Subsumption means, given formulae describing classes, the classifier associated with certain description logic will place them inside a hierarchy. On the other hand, classification means that given an instance description, the classifier will determine the most specific classes to which the particular instance belongs.

Each description logic defines also a number of language constructs, such as intersection, union, role quantification, etc., that can be used to define new concepts and roles.


Fast Classification of Terminologies (FaCT) is a Description Logic classifier. The FaCT system includes two reasoners, one for the description logic SHF (ALC augmented with transitive roles, functional roles and a role hierarchy) and the other for the logic SHIQ (SHF augmented with inverse roles and qualified number restrictions). Both of them are implement using sound and complete tableaux algorithms. This kind of algorithms is specially suited for subsumption computation and has become the standard for Description Logic systems [Horrocks98]. More details about different description logics are presented in Figure.


Description Logics languages and their characteristics, from [Reynolds01]

Conceptual Graphs

Conceptual Graphs were developed from Existential Graphs [Peirce09] and Semantic Networks. They are under standardisation process [Sowa01] in conjunction with KIF (Knowledge Interchange Format) [Genesereth98]. Both are different ways of representing FOL. KIF is an attempt to standardise a linear syntax of FOL while Conceptual Graphs provide a diagrammatic syntax. A comparative of them is presented in Figure and Table.

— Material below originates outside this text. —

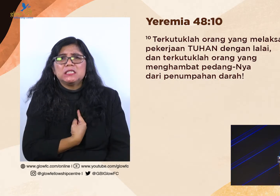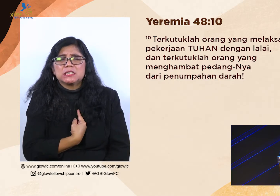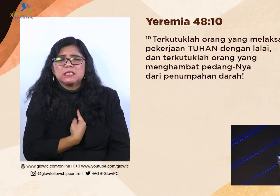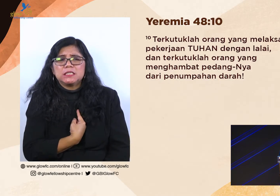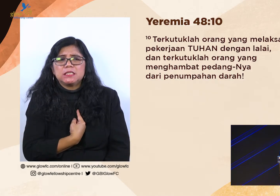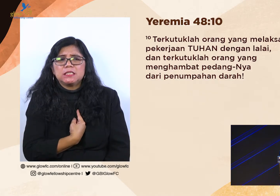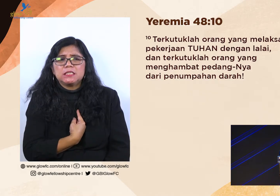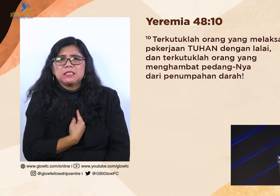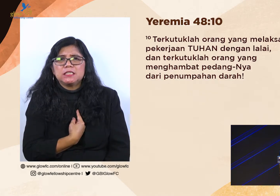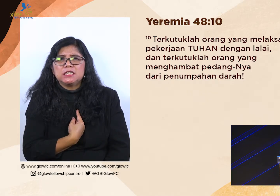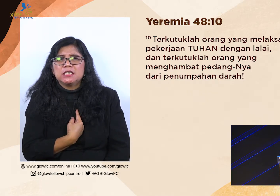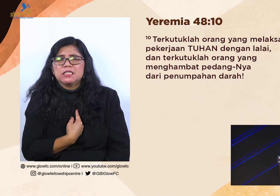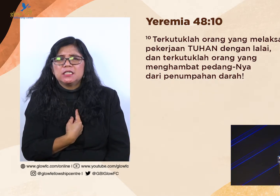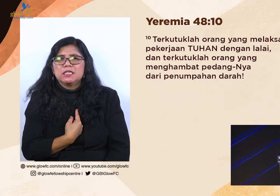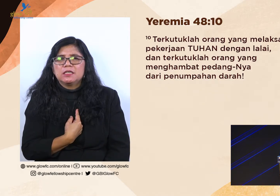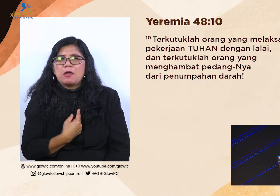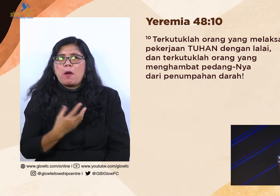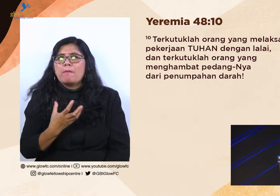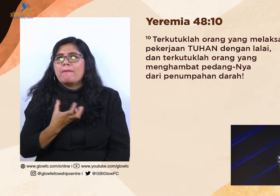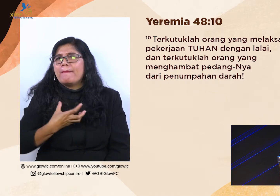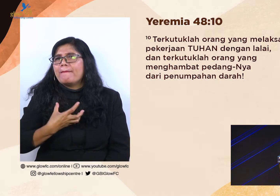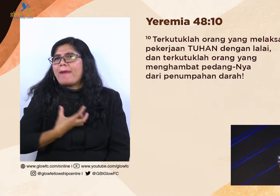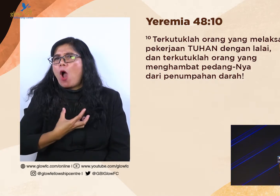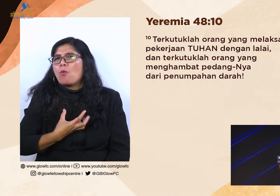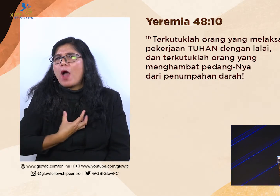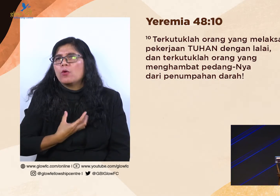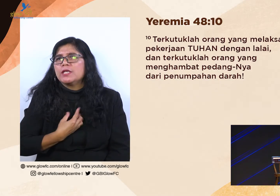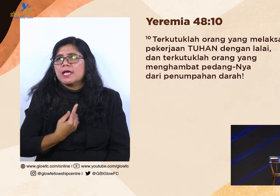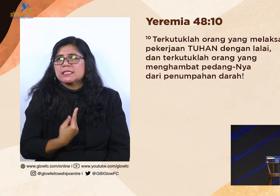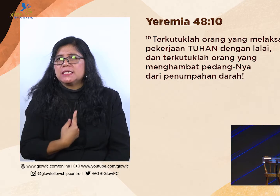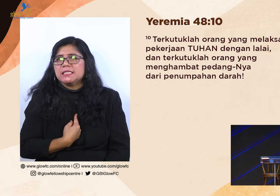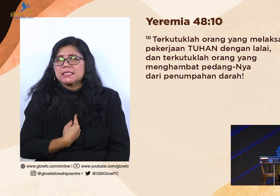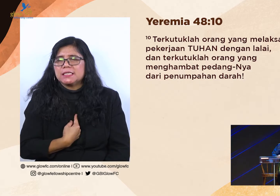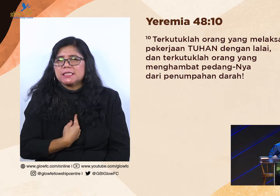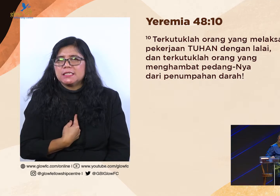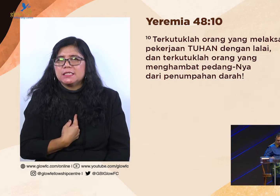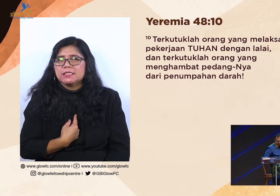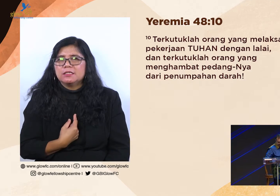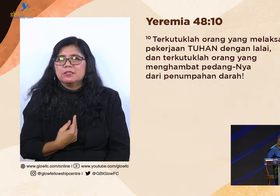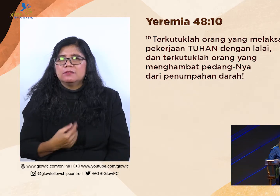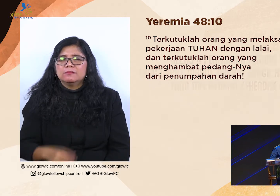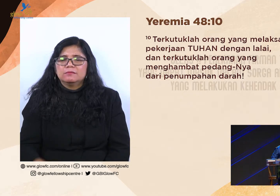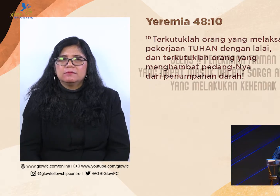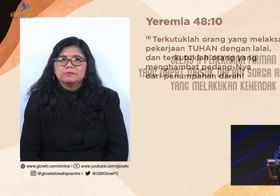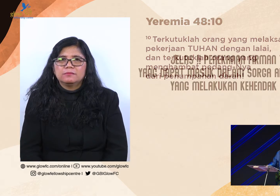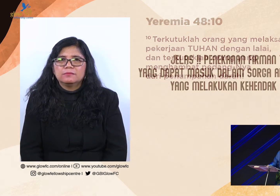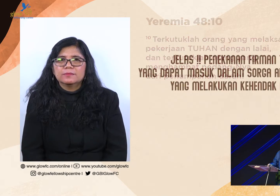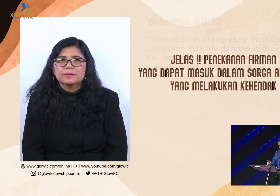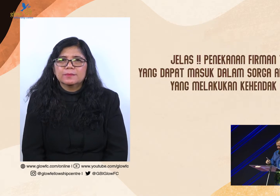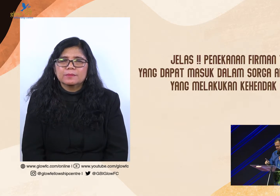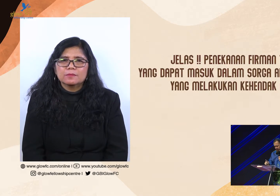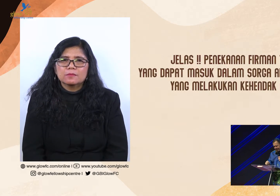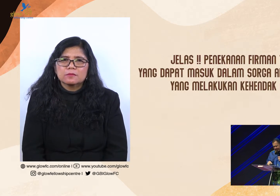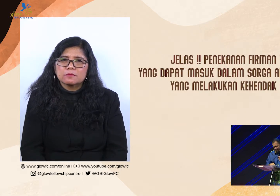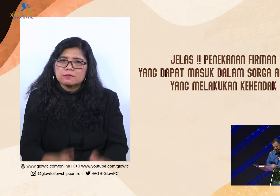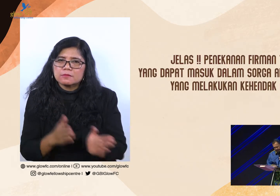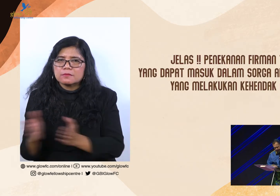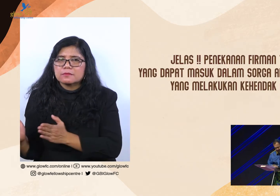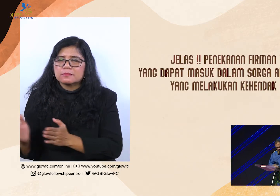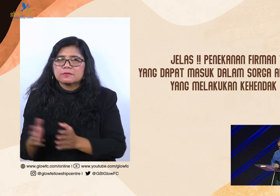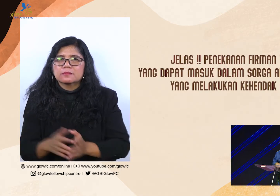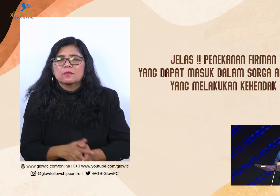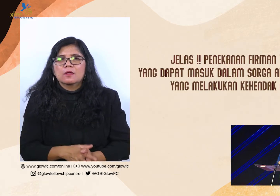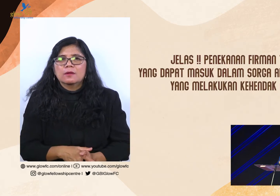Suka-sukanya dewi, suka-sukanya sendiri. Kita lihat selanjutnya, dalam pendahuluan saya

Conceptual Graph for “John goes to Boston by bus”

KIF and FOL equivalent representations for the example conceptual graph in Figure

exists ((?x Go)(?y Person)(?z City)(?w Bus))
(and (Name ?y John) (Name ?z Boston)
(Agnt ?x ?y) (Dest ?x ?z) (Inst ?x ?w)))

(name(y,'John') ∧ name(z,'Boston') ∧
agnt(x,y) ∧ dest(x,z) ∧ inst(x,w))

Although Conceptual Graphs are equivalent to FOL, their graph orientation provides many features that make them especially useful. They express meaning in a form that is logically precise, humanly readable, and computationally tractable. With a direct mapping to language, conceptual graphs serve as an intermediate language for translating computer-oriented formalisms to and from natural languages. With their graphic representation, they serve as a readable, but formal design and specification language.

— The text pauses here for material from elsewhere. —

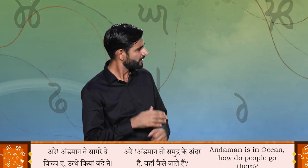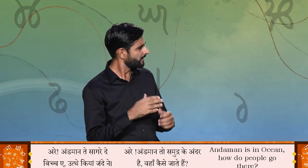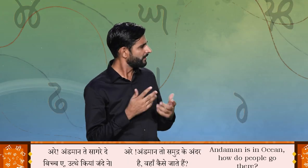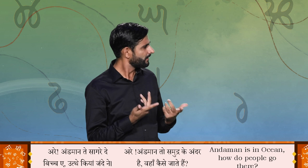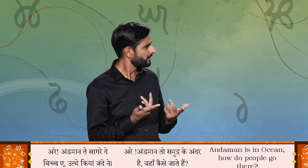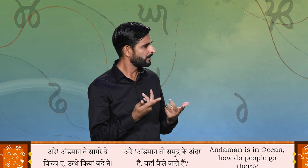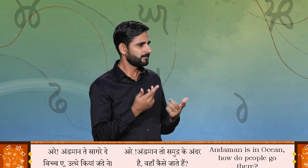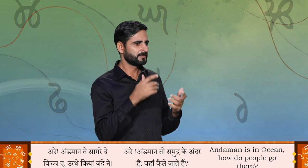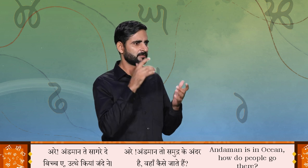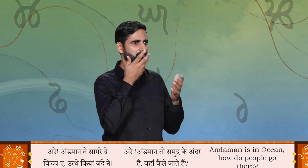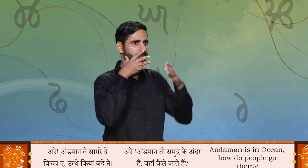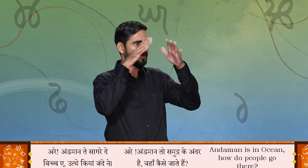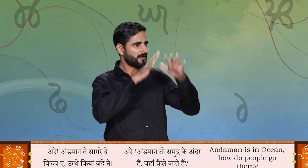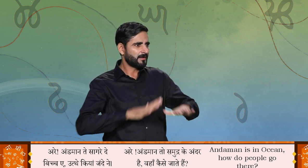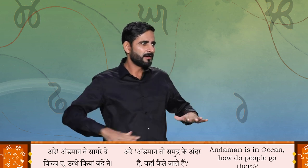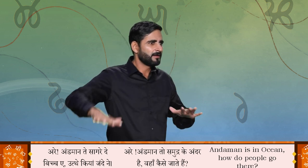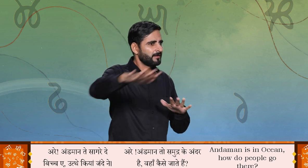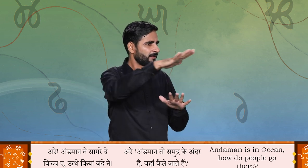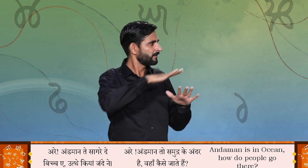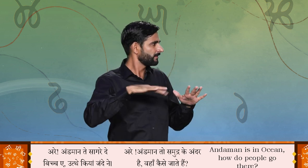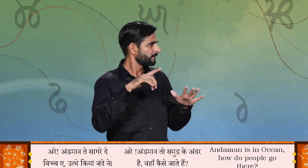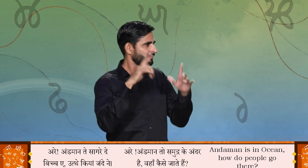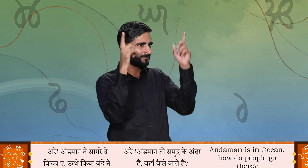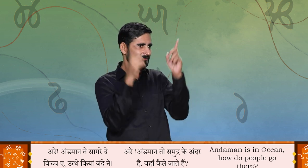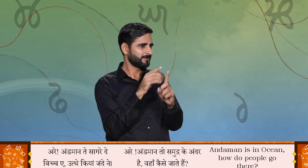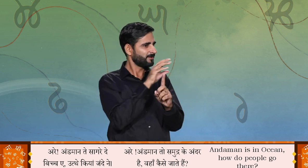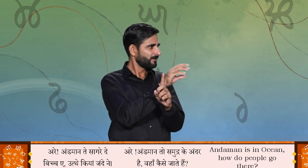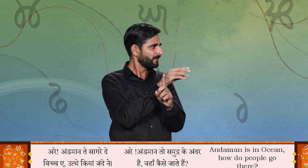अंडमान ते सागरे दे बेच्चे उथे की या जन्देन है

Moreover, there have new inference facilities. Existential Graphs provide a more simple set of rules to perform deduction. Other kinds of inference are also benefited. Graph structure can be used to implement efficient algorithms to reason with analogy [Leishman89].

Knowledge into Practice

When finally Knowledge Representation is put into practice by applying knowledge representation technologies, two disciplines can be considered: Knowledge Engineering and Knowledge Management.

Knowledge Engineering

It is a terms that refers to Knowledge Representation used for some purpose. Its relation to knowledge representation can be compared to the relation of Mathematics or Physics to Engineering.

Knowledge Management

It is a broad discipline that usually involves Knowledge Representation techniques. It ranges people, organisational processes, business strategies and Information Technologies. Knowledge Management could be defined as the development of best practices to add value to a company through maximum use of the data, information and knowledge within. It should also harness potential knowledge and tacit knowledge, with the intention of converting them into explicit knowledge, to be then made accessible as shareable and re-usable company assets.

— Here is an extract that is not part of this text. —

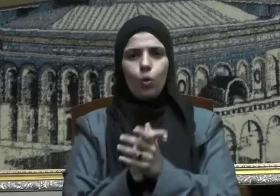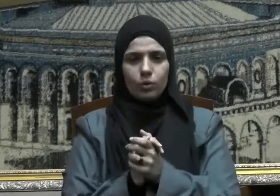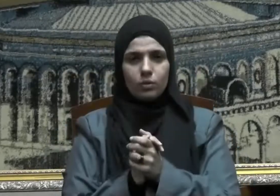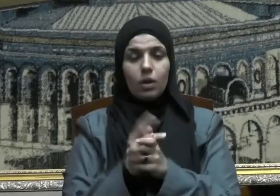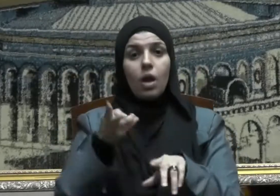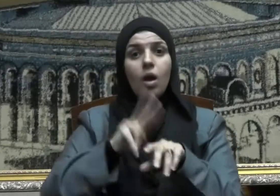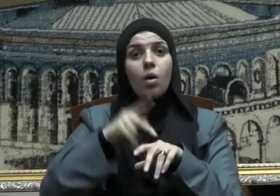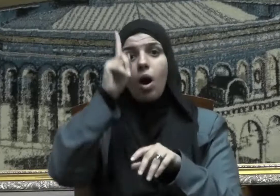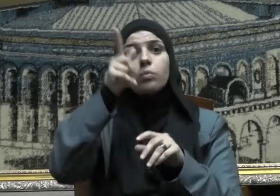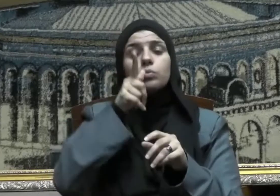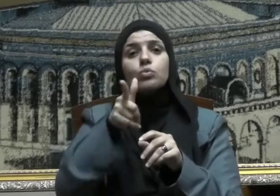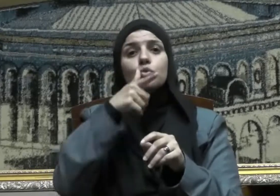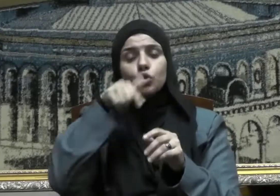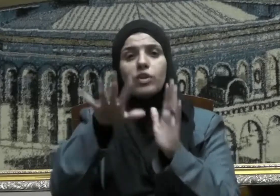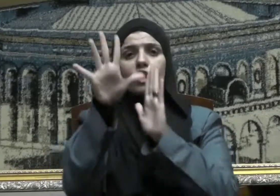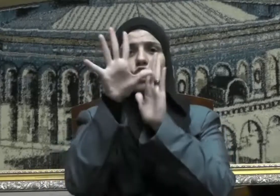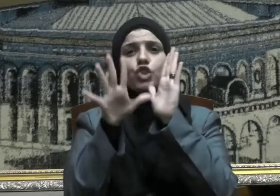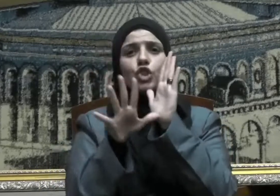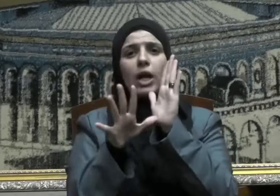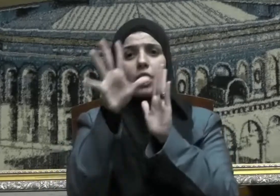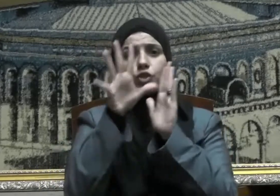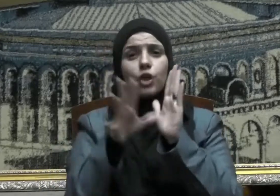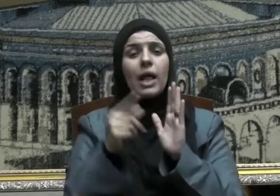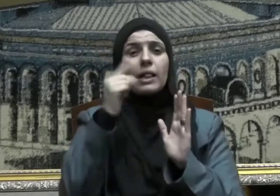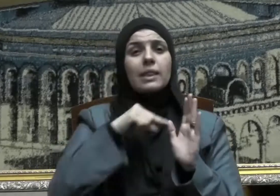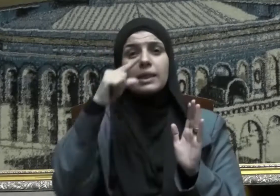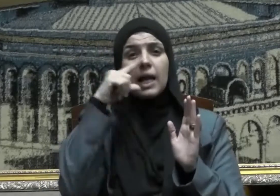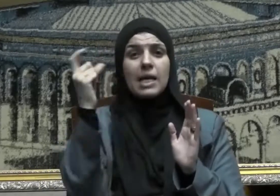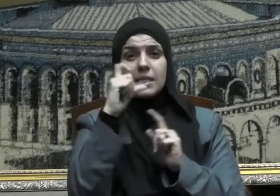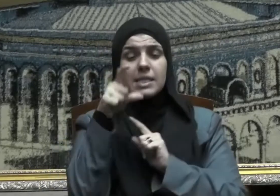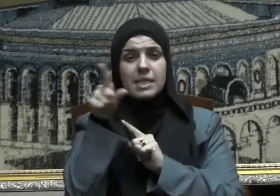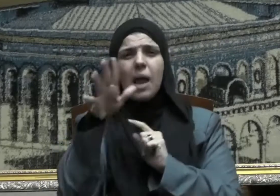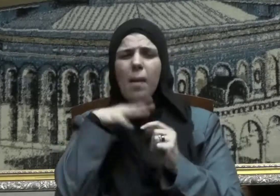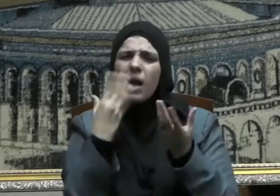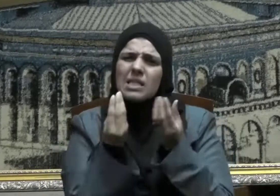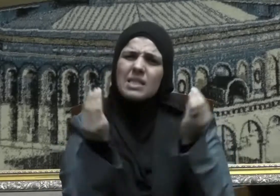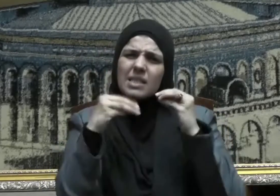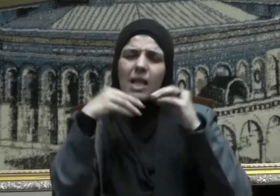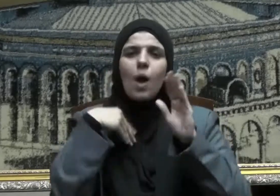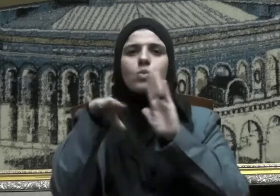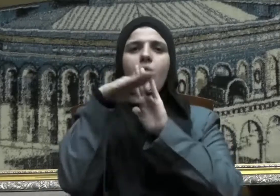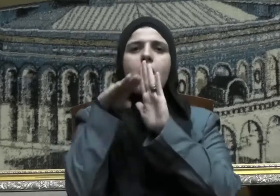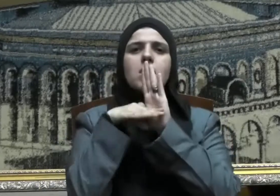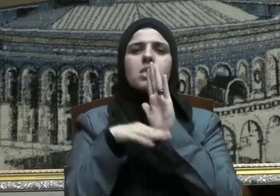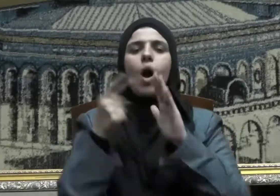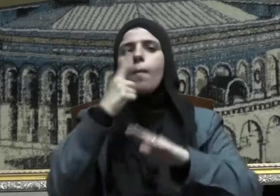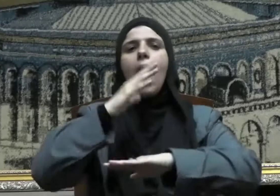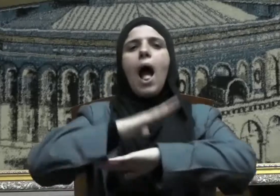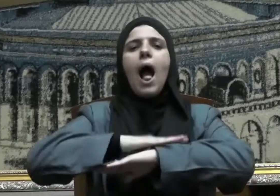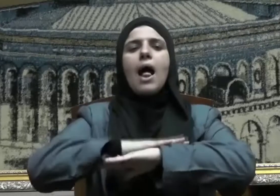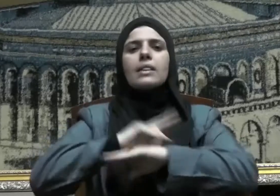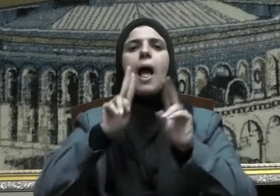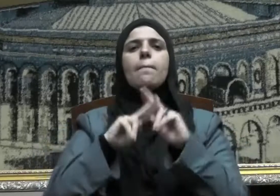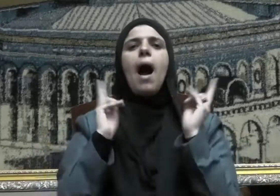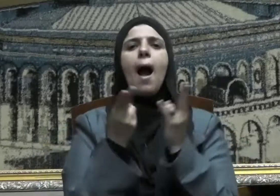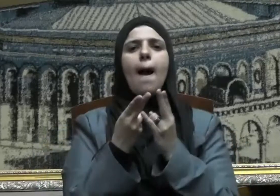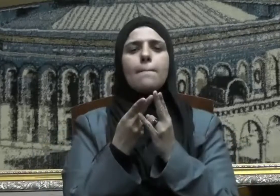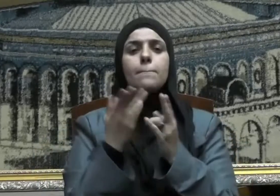كله ولقد حفلت الشريعة الاسلامية بالعديد من النظم والاداب العامة

Information Systems process information without engaging the users. Knowledge Management Systems help users understand information and, contrary to Information Systems, they include users perspective, i.e. the relation between the piece of information and users knowledge. This includes the situation where the user develops the information need and the analysis of the usage of the same information once it has been obtained and interpreted by the user [Alavi01].